Required action –
Pull every line containing "style" out of the material below.

(Beginning of Dataset)

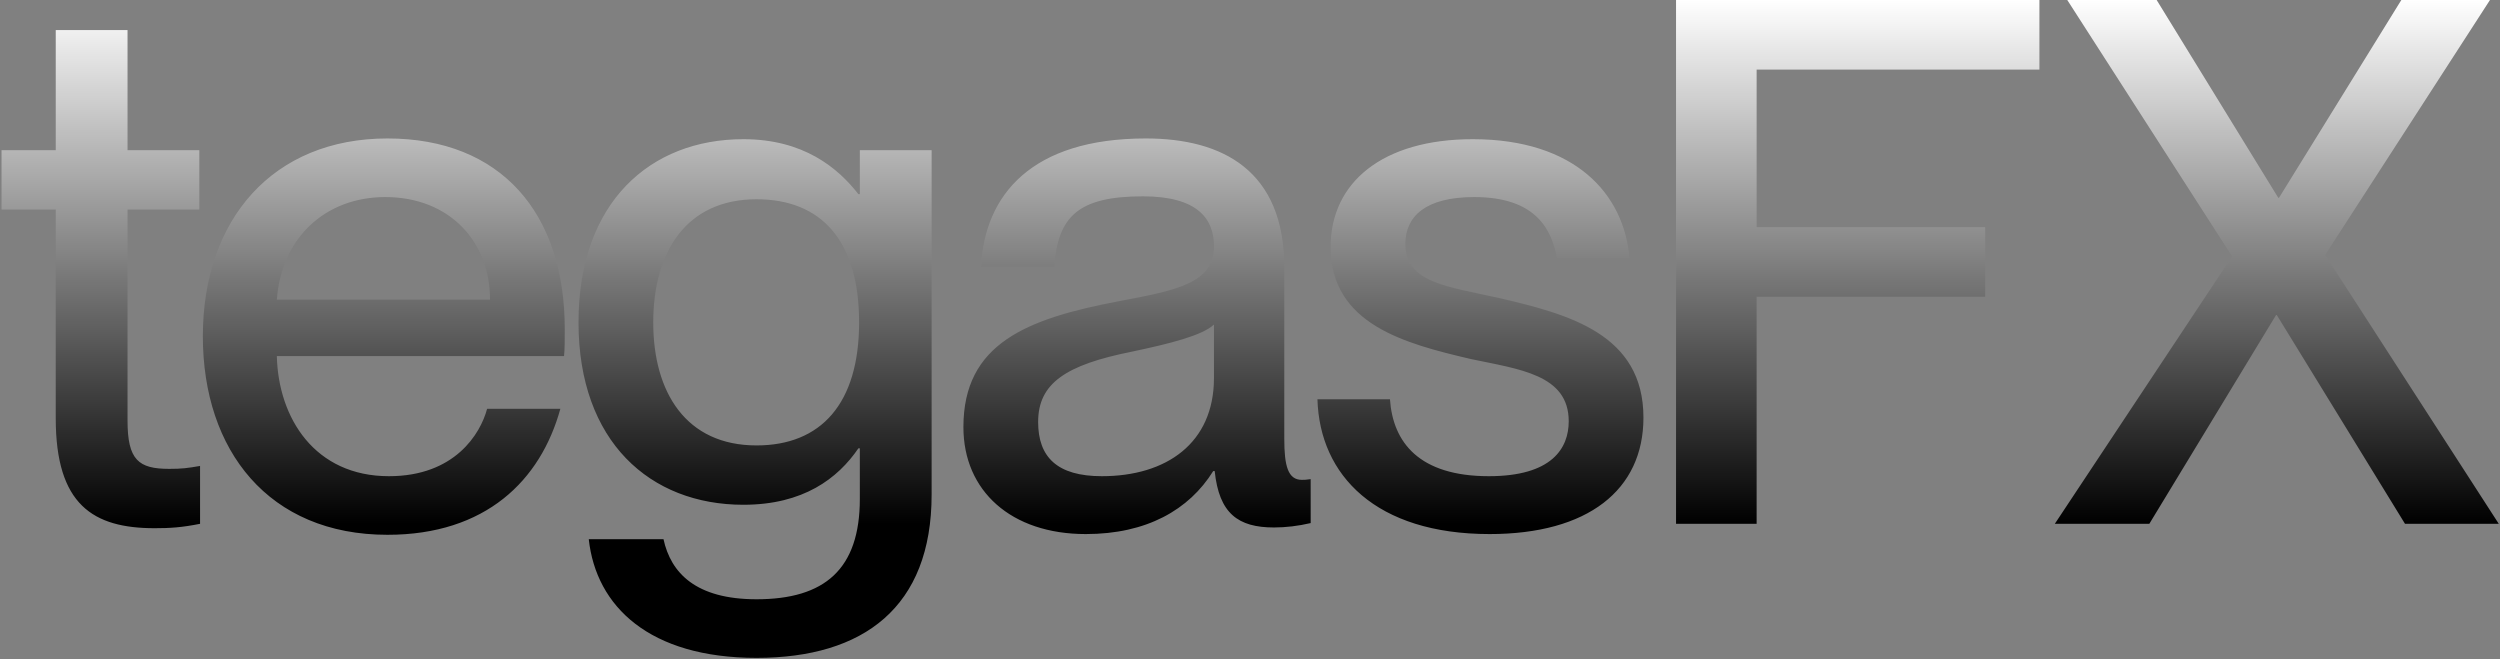 <svg width="1365" height="360" viewBox="0 0 1365 360" fill="none" xmlns="http://www.w3.org/2000/svg">
<rect x="0" y="0" width="1365" height="360" fill="#808080" stroke="none"/>
<path d="M92.434 256C99.234 256 102.434 255.6 109.234 254.4V286C99.234 288 92.834 288.4 84.434 288.4C50.834 288.4 30.434 275.6 30.434 228.4V114.4H0.834V82H30.434V16.4H69.634V82H108.834V114.4H69.634V229.6C69.634 251.2 75.634 256 92.434 256ZM308.356 179.6C308.356 185.2 308.356 191.2 307.956 194.4H151.156C151.956 228.4 171.956 260 212.356 260C248.356 260 262.356 236.8 265.956 223.2H305.956C295.156 262.4 265.156 292 211.556 292C146.756 292 110.756 246 110.756 183.6C110.756 119.6 149.156 75.6 211.556 75.6C273.556 75.6 308.356 116.4 308.356 179.6ZM151.156 163.6H267.556C267.556 131.6 245.156 107.6 210.356 107.6C177.556 107.6 153.556 130 151.156 163.6ZM469.469 106V82H508.669V270C508.669 331.6 471.469 359.2 413.069 359.2C354.669 359.2 325.469 331.2 321.469 294.4H362.269C366.269 312.8 379.869 327.2 413.069 327.2C450.269 327.2 469.469 310.8 469.469 272.4V244.8H468.669C457.469 261.2 438.669 275.6 405.869 275.6C355.069 275.6 315.869 241.2 315.869 176C315.869 110.4 355.069 76 405.869 76C438.669 76 457.469 91.6 468.669 106H469.469ZM413.069 243.2C448.269 243.2 469.069 220.4 469.069 176C469.069 131.2 448.269 108.8 413.069 108.8C374.669 108.8 356.669 137.6 356.669 176C356.669 214.4 374.669 243.2 413.069 243.2ZM592.822 291.6C552.022 291.6 526.022 268 526.022 233.2C526.022 187.6 560.422 174 611.222 164.4C643.222 158.4 662.822 154.4 662.822 134.4C662.822 119.6 654.022 107.2 624.022 107.2C588.422 107.2 577.622 118.4 575.622 145.6H535.622C537.622 106.4 563.222 75.6 625.622 75.6C667.622 75.6 701.222 93.2 701.222 146V239.6C701.222 254.4 703.222 262 710.822 262C712.022 262 713.222 262 715.622 261.6V285.6C708.822 287.2 702.022 288 695.622 288C676.022 288 665.622 280.4 663.222 257.2H662.422C649.222 278.4 626.022 291.6 592.822 291.6ZM601.622 260C636.822 260 662.822 242 662.822 206.4V177.2C656.422 183.2 638.822 187.6 618.022 192C582.022 199.2 566.822 209.2 566.822 230.4C566.822 249.6 577.222 260 601.622 260ZM813.322 291.6C751.322 291.6 720.522 259.6 719.322 218H758.922C760.522 241.6 774.922 260 812.922 260C847.322 260 856.522 244.8 856.522 230C856.522 204.4 829.322 201.6 802.922 196C767.322 187.6 726.522 177.2 726.522 134.8C726.522 99.6 754.922 76 804.122 76C860.122 76 886.922 106 889.722 141.2H850.122C847.322 125.6 838.922 107.6 804.922 107.6C778.522 107.6 767.322 118 767.322 133.2C767.322 154.4 790.122 156.4 818.922 162.8C856.522 171.6 897.322 182.4 897.322 228C897.322 267.6 866.922 291.6 813.322 291.6ZM959.119 286H915.119V-1.33514e-05H1113.52V38H959.119V124H1083.92V162H959.119V286ZM1173.53 286H1121.93L1218.73 140L1128.73 -1.33514e-05H1177.53L1243.93 108H1244.33L1311.13 -1.33514e-05H1359.53L1269.53 139.2L1364.33 286H1313.13L1243.13 172H1242.73L1173.53 286Z" fill="url(#paint0_linear_17_15062)"/>
<defs>
<linearGradient id="paint0_linear_17_15062" x1="679.5" y1="0" x2="679.5" y2="286" gradientUnits="userSpaceOnUse">
<stop stop-color="white"/>
<stop offset="1"/>
</linearGradient>
</defs>
</svg>
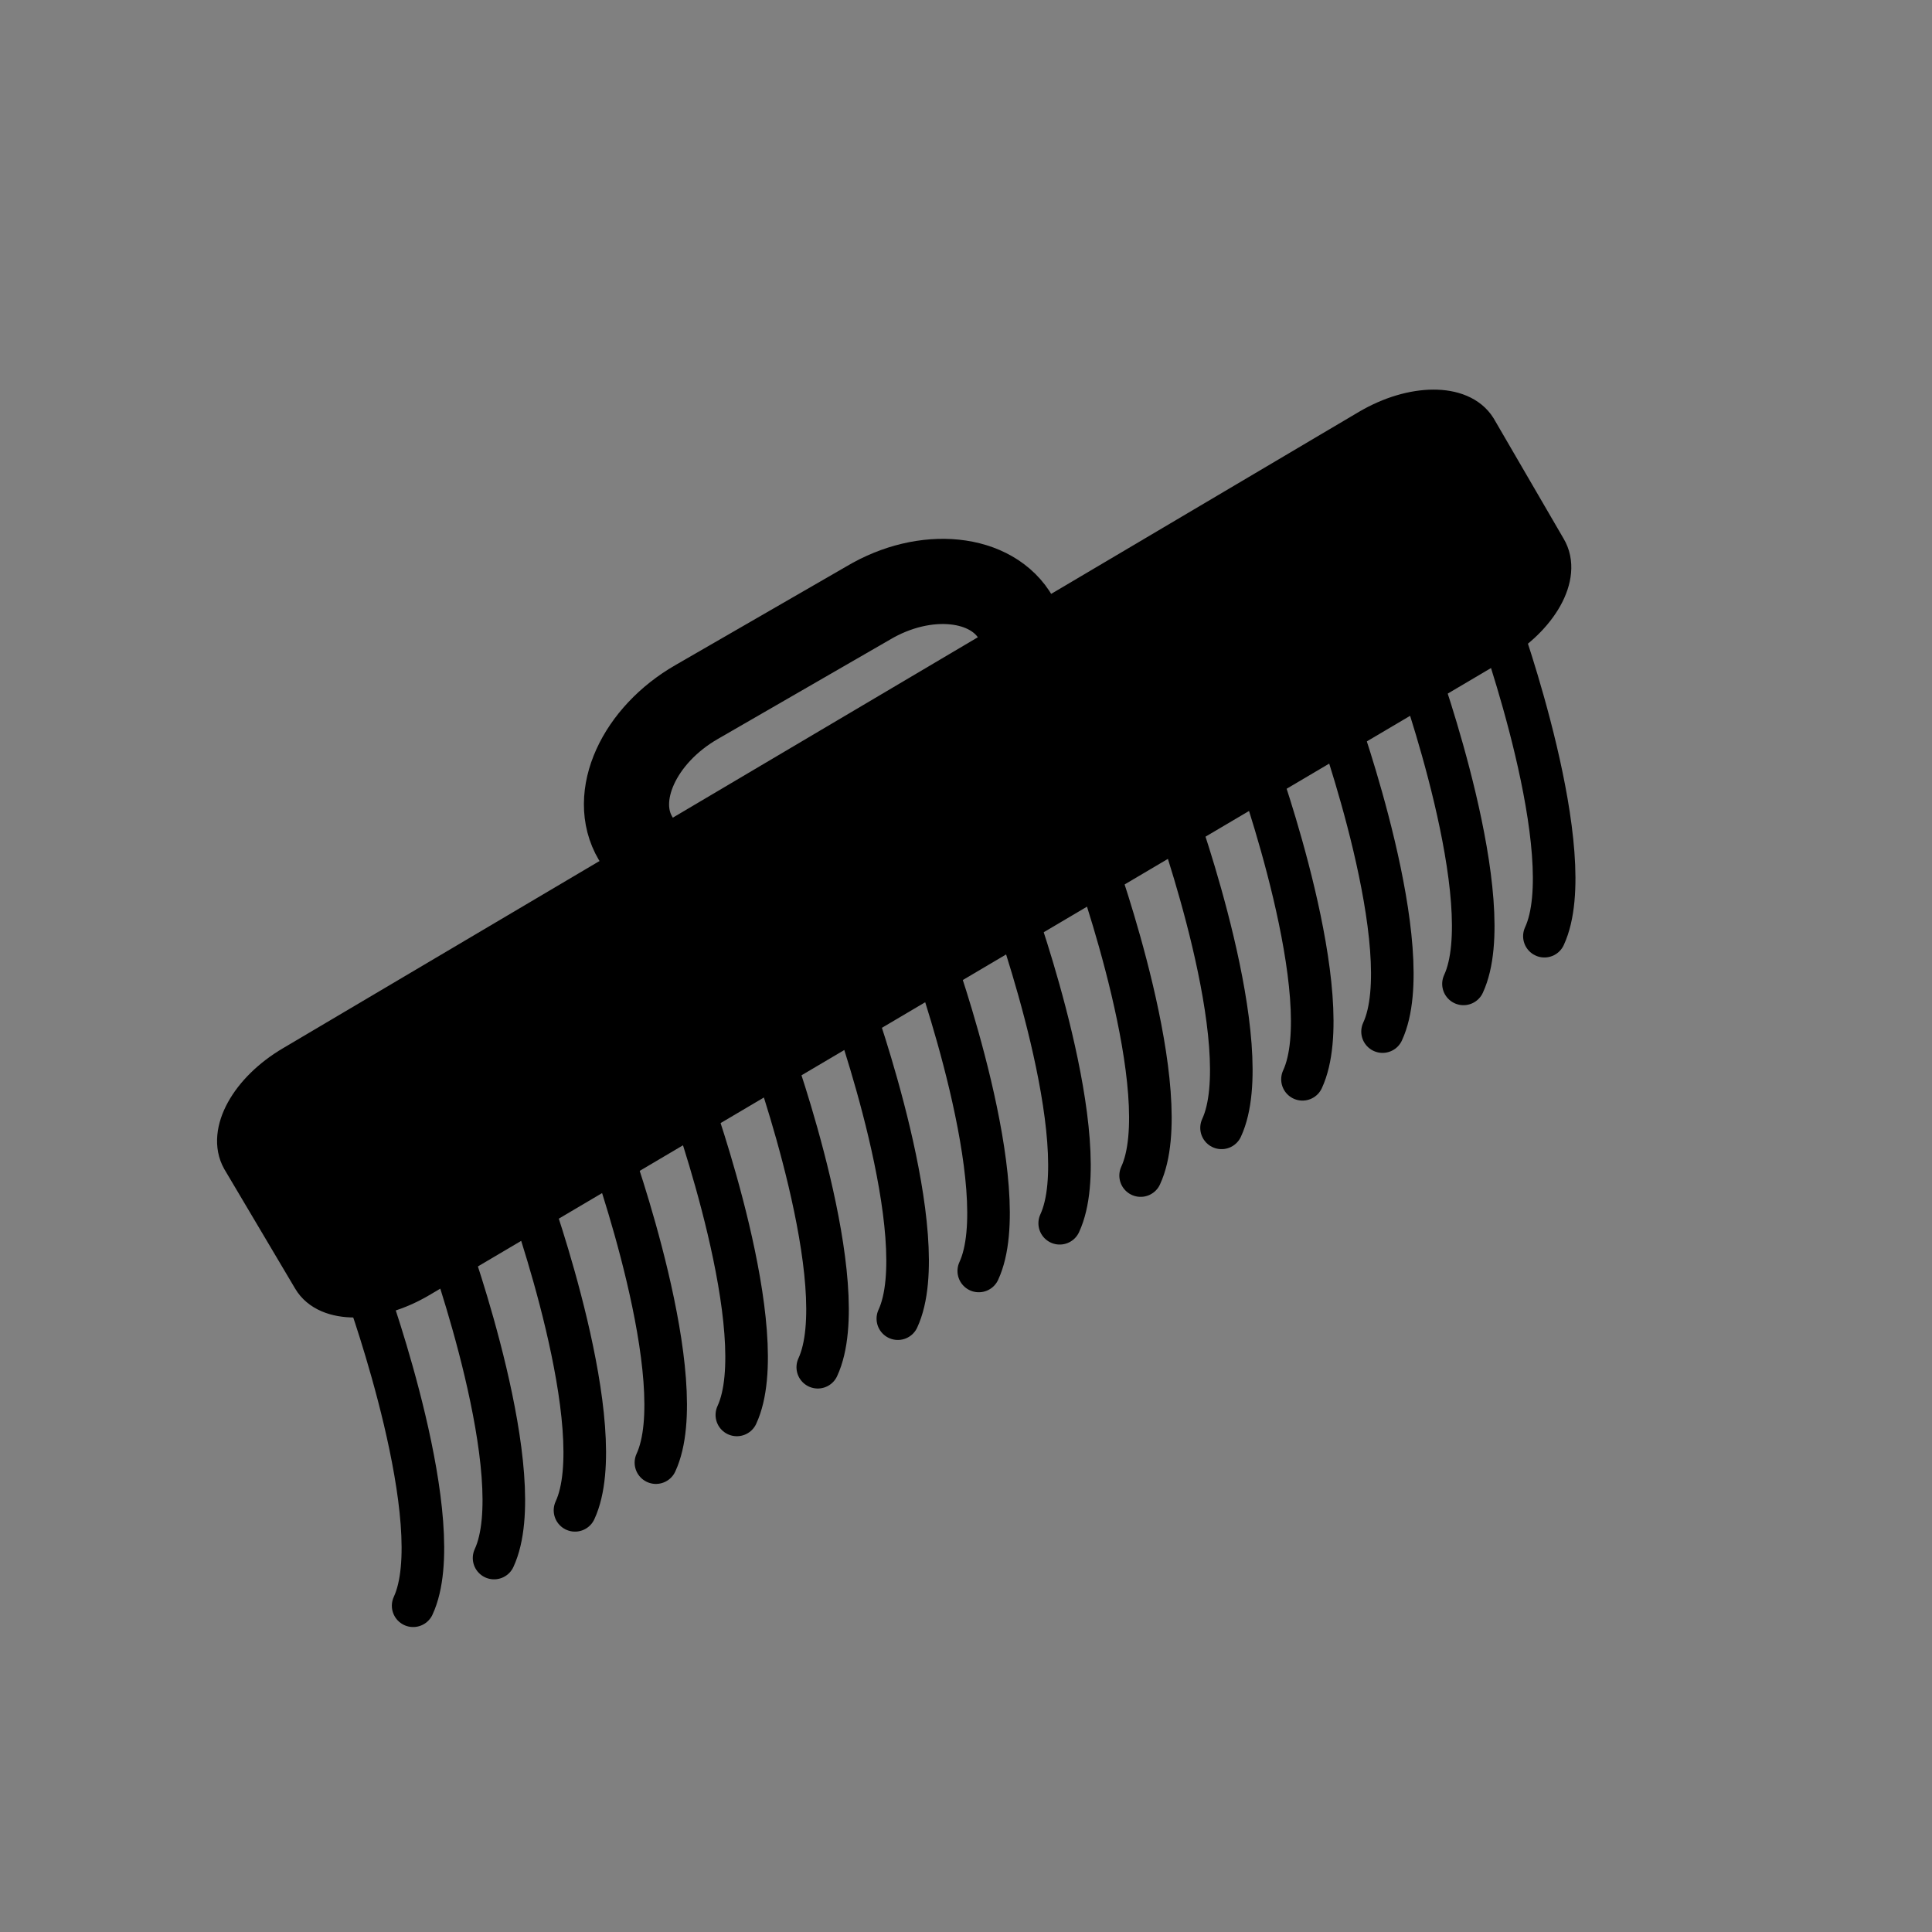 <?xml version="1.0" encoding="utf-8"?>
<!-- Generator: Adobe Illustrator 29.8.1, SVG Export Plug-In . SVG Version: 9.03 Build 0)  -->
<svg version="1.0" id="Ebene_1" xmlns:x="http://ns.adobe.com/Extensibility/1.0/"
	 xmlns="http://www.w3.org/2000/svg" xmlns:xlink="http://www.w3.org/1999/xlink" x="0px" y="0px" viewBox="0 0 22.68 22.68"
	 style="enable-background:new 0 0 22.68 22.68;" xml:space="preserve">
<rect x="0" y="0" width="22.68" height="22.68" fill="#808080" stroke="none"/>
<style type="text/css">
	.st0{fill:#FFFFFF;stroke:#000000;stroke-miterlimit:10;}
	.st1{stroke:#000000;stroke-width:0.5;stroke-miterlimit:10;}
	.st2{fill:none;stroke:#000000;stroke-miterlimit:10;}
	.st3{fill:none;stroke:#000000;stroke-width:0.5;stroke-linecap:round;stroke-miterlimit:10;}
</style>
<path class="st0" d="M0,22.68"/>
<path class="st1" d="M18.14,6.45c0.18,0.3-0.09,0.78-0.6,1.08L4.91,14.99c-0.51,0.3-1.06,0.3-1.23,0.01l-0.83-1.4
	c-0.17-0.3,0.09-0.78,0.6-1.08l12.63-7.47c0.51-0.3,1.06-0.3,1.24-0.01L18.14,6.45z"/>
<path class="st2" d="M11.93,7.26c0.28,0.49-0.04,1.21-0.72,1.6L9.2,10.02c-0.68,0.39-1.46,0.31-1.74-0.18l0,0
	c-0.29-0.49,0.04-1.21,0.72-1.6l2.01-1.16C10.86,6.68,11.65,6.76,11.93,7.26L11.93,7.26z"/>
<path class="st3" d="M4.32,15.2c0,0,0.97,2.7,0.53,3.65"/>
<path class="st3" d="M5.27,14.64c0,0,0.97,2.7,0.53,3.65"/>
<path class="st3" d="M6.22,14.08c0,0,0.97,2.7,0.53,3.65"/>
<path class="st3" d="M7.17,13.52c0,0,0.97,2.7,0.53,3.65"/>
<path class="st3" d="M8.12,12.96c0,0,0.97,2.7,0.53,3.65"/>
<path class="st3" d="M9.07,12.4c0,0,0.97,2.7,0.53,3.65"/>
<path class="st3" d="M10.01,11.83c0,0,0.97,2.7,0.53,3.65"/>
<path class="st3" d="M10.96,11.27c0,0,0.97,2.7,0.53,3.65"/>
<path class="st3" d="M11.91,10.71c0,0,0.97,2.7,0.53,3.65"/>
<path class="st3" d="M12.86,10.15c0,0,0.97,2.7,0.53,3.65"/>
<path class="st3" d="M13.81,9.59c0,0,0.97,2.7,0.53,3.65"/>
<path class="st3" d="M14.76,9.02c0,0,0.97,2.7,0.53,3.65"/>
<path class="st3" d="M15.7,8.46c0,0,0.97,2.7,0.53,3.65"/>
<path class="st3" d="M16.65,7.9c0,0,0.97,2.7,0.53,3.65"/>
<path class="st3" d="M17.6,7.34c0,0,0.97,2.7,0.53,3.65"/>
</svg>

(End of Dataset)

Answer space –
	 style="enable-background:new 0 0 22.68 22.68;" xml:space="preserve">
<style type="text/css">
</style>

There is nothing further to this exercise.